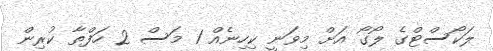
ލަކޯސްޓްގެ ލޯގޯ އަށް މިވަނީ ކިހިނެއް 1 މަސް 2 ހަފްތާ ކުރިން
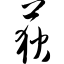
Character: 荻
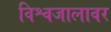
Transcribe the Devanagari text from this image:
विश्वजालावर
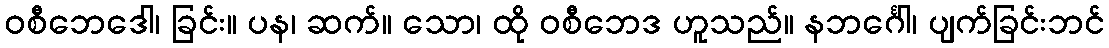
ဝစီဘေဒေါ၊ ခြင်း။ ပန၊ ဆက်။ သော၊ ထို ဝစီဘေဒ ဟူသည်။ နဘင်္ဂေါ၊ ပျက်ခြင်းဘင်
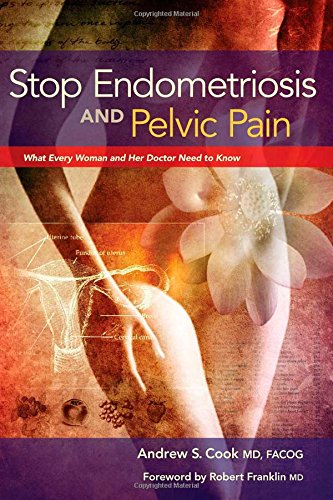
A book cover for Stop Endometriosis and Pelvic Pain: What Every Woman and Her Doctor Need to Know; Andrew S. Cook MD FACOG; Health, Fitness & Dieting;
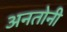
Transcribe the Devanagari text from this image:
अनतोनी
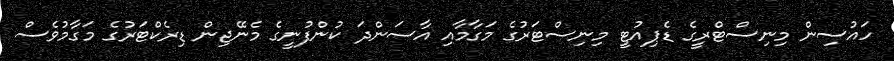
ހައުސިން މިނިސްޓްރީގެ ޑެޕިއުޓީ މިނިސްޓަރުގެ މަގާމާއި އާސަންދަ ކުންފުނީގެ މެނޭޖިން ޑިރެކްޓަރުގެ މަގާމުވެސް
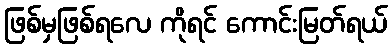
ဖြစ်မှဖြစ်ရလေ ကိုရင် ကောင်းမြတ်ရယ်
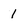
Character: 1
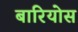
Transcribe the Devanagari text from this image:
बारियोस
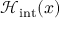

Task directions: In the listing above, find the line containing "Character: 荻" and the line containing "A book cover", then print exactly those two lines and every line between them, minus the pictures.

Response to the exercise:
Character: 荻
Transcribe the Devanagari text from this image:
विश्वजालावर
ဝစီဘေဒေါ၊ ခြင်း။ ပန၊ ဆက်။ သော၊ ထို ဝစီဘေဒ ဟူသည်။ နဘင်္ဂေါ၊ ပျက်ခြင်းဘင်
A book cover for Stop Endometriosis and Pelvic Pain: What Every Woman and Her Doctor Need to Know; Andrew S. Cook MD FACOG; Health, Fitness & Dieting;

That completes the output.